By examining thread dumps from that period, the situation was tracked down to jGroups.send(..) and that method was called from the thread that was responding the user Http request.
This ticket describes how to simulate this kind of situation:
Prepare for the simulated test
Create a Liferay DXP 7.2 ( or EE 6.2 clustered fixpack -69 ) environment with Tomcat. (EE 6.2 might require little changes on Byteman script)
Install byteman: https://byteman.jboss.org/downloads.html under `<tomcat>/byteman` directory
Modify <tomcat>/bin/setenv.sh script and add following there at end:
if [ -f "${CATALINA_HOME}/byteman/lib/byteman.jar" ]; then BYTEMAN_HOME="${CATALINA_HOME}/byteman" CATALINA_OPTS="${CATALINA_OPTS} -Dorg.jboss.byteman.transform.all" CATALINA_OPTS="${CATALINA_OPTS} -Dorg.jboss.byteman.allow.config.updates" if [ -f "${CATALINA_HOME}/default.btm" ]; then echo "Byteman Found with script ${CATALINA_HOME}/default.btm" CATALINA_OPTS="${CATALINA_OPTS} -javaagent:${BYTEMAN_HOME}/lib/byteman.jar=script:${CATALINA_HOME}/default.btm,boot:${BYTEMAN_HOME}/lib/byteman.jar,listener:true" else echo "Byteman Found" CATALINA_OPTS="${CATALINA_OPTS} -javaagent:${BYTEMAN_HOME}/lib/byteman.jar=sys:${BYTEMAN_HOME}/lib/byteman.jar,listener:true" fi else echo "Booting without ${CATALINA_HOME}/byteman" fi
With DXP 7.2 / CE 7.2 add to portal-ext.properties (if that exist then make sure to add org.jboss.byteman.* to last.
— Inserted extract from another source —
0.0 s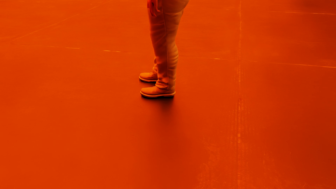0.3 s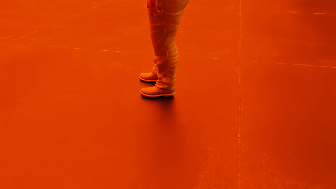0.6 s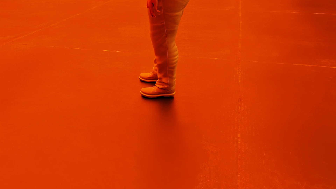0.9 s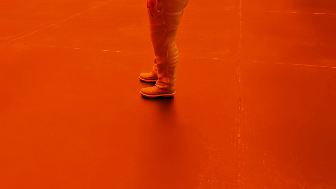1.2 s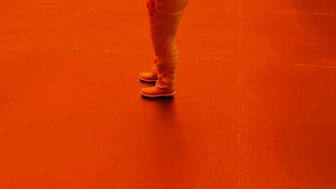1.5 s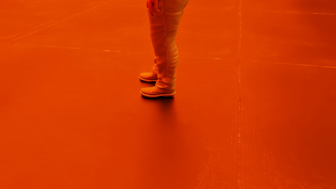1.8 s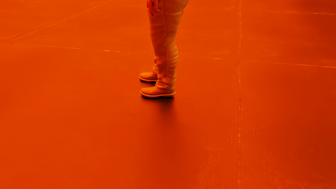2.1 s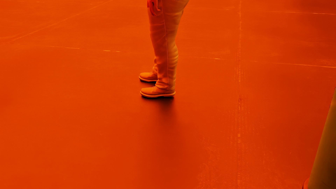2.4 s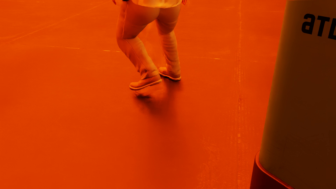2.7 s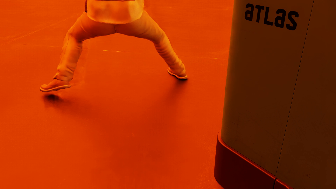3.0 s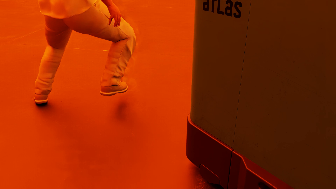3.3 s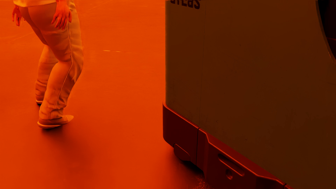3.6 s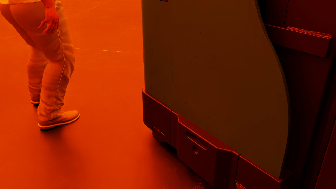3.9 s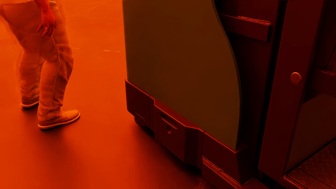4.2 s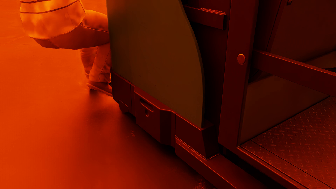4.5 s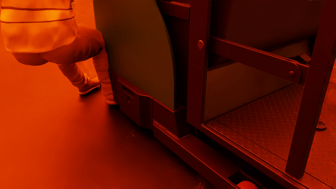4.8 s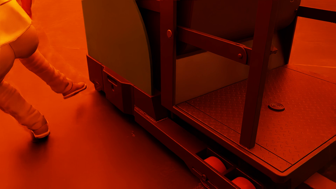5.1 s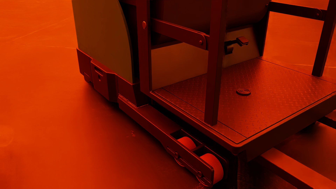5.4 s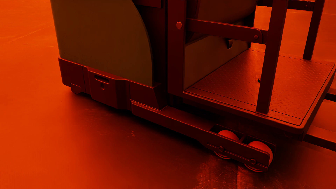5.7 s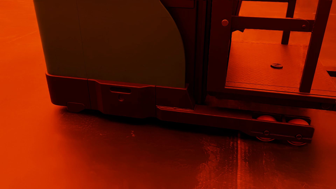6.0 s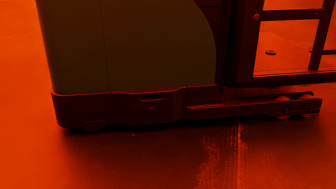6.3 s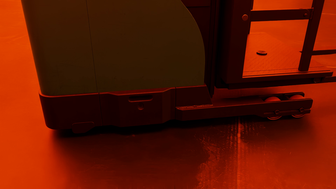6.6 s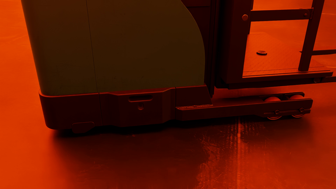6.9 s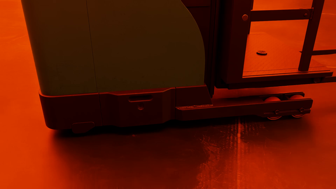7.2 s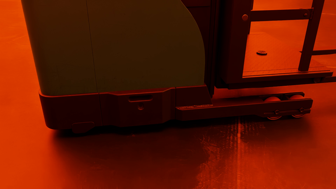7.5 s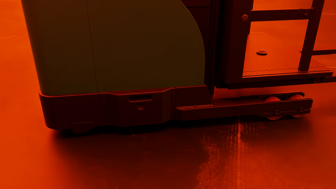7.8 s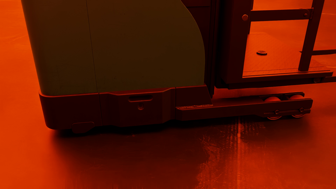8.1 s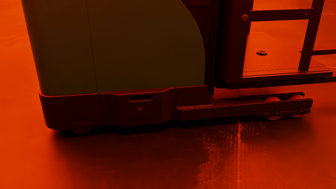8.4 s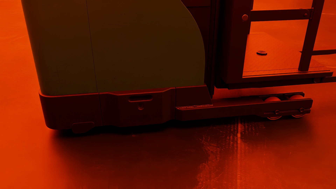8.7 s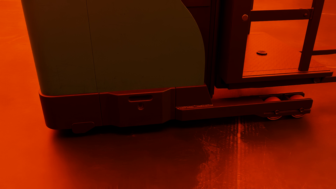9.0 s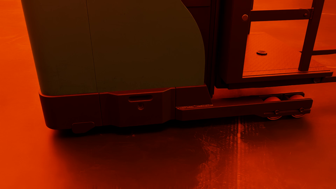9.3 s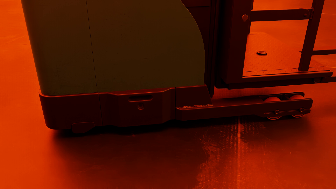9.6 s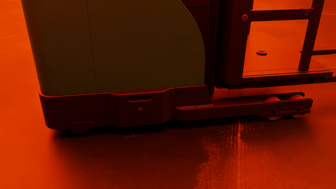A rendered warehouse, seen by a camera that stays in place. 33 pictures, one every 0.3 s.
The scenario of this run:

module.framework.properties.org.osgi.framework.bootdelegation=\ __redirected,\ com.liferay.aspectj,\ com.liferay.aspectj.*,\ com.liferay.expando.kernel.model,\ com.liferay.portal.servlet.delegate,\ com.liferay.portal.servlet.delegate*,\ com.sun.ccpp,\ com.sun.ccpp.*,\ com.sun.crypto.*,\ com.sun.image.*,\ com.sun.jmx.*,\ com.sun.jna,\ com.sun.jndi.*,\ com.sun.mail.*,\ com.sun.management.*,\ com.sun.media.*,\ com.sun.msv.*,\ com.sun.org.*,\ com.sun.syndication,\ com.sun.tools.*,\ com.sun.xml.*,\ com.yourkit.*,\ javax.validation,\ javax.validation.*,\ jdk.*,\ sun.*,\ weblogic.jndi,\ weblogic.jndi.*,\ org.jboss.byteman.*
Create Byteman rule file <tomcat>/default.btm file with content of following (File is created for 7.2 so it might vary for other versions).
# Prints log entry when JChannel.close is called RULE org.jgroups.JChannel.close CLASS org.jgroups.JChannel METHOD close AT ENTRY BIND channel:org.jgroups.JChannel = $0; IF true DO #We open trace every time just in case. It won't re-open it. traceOpen("jgroups_log","jgroups.log"); traceln("jgroups_log","Closing JChannel: " + channel.cluster_name); ENDRULE # Prints log entry when JChannel.connect(String) is called RULE org.jgroups.JChannel.connect CLASS org.jgroups.JChannel METHOD connect(String) AT ENTRY BIND threadId = ""+Thread.currentThread().getId() + "/" + Thread.currentThread().getName(); IF true DO # We open trace every time just in case. It won't re-open it. traceOpen("jgroups_log","jgroups.log"); traceln("jgroups_log", threadId + "\t" + new java.util.Date() + "\tConnect JChannel: " + $1); ENDRULE # Prints log entry when JChannel.send(org.jgroups.Message) is called RULE org.jgroups.JChannel.send CLASS org.jgroups.JChannel METHOD send(org.jgroups.Message) AT ENTRY BIND threadId = ""+Thread.currentThread().getId() + "/" + Thread.currentThread().getName(); channelName = $0.cluster_name + ""; # Tap rule only to Http thread (Sleep also 5000 ms) IF formatStack().indexOf("com.liferay.portal.kernel.servlet.filters.invoker.InvokerFilterChain") > 0 DO Thread.sleep(5000); traceln("jgroups_log", threadId + "\t" + new java.util.Date() + "\t" + channelName + "\nSend:\nSTACKTRACE\n" + formatStack()); ENDRULE
Test
1. Start the portal
2. Add user and when you save the user information you notice that it is slow and take around 15 seconds (due to the Thread.sleep at Byteman script).
3. If you add a role to user that is taking around 5+ seconds due to the same reason.
4. You can see from <liferay-home>/jgroups.log places at the code where this has been called. Adding user is blocking 3 times and updating role once.
Summary
Cluster communication should be isolated from HTTP thread to increase Liferay's stability on exceptional cases when jGroups is slowing down.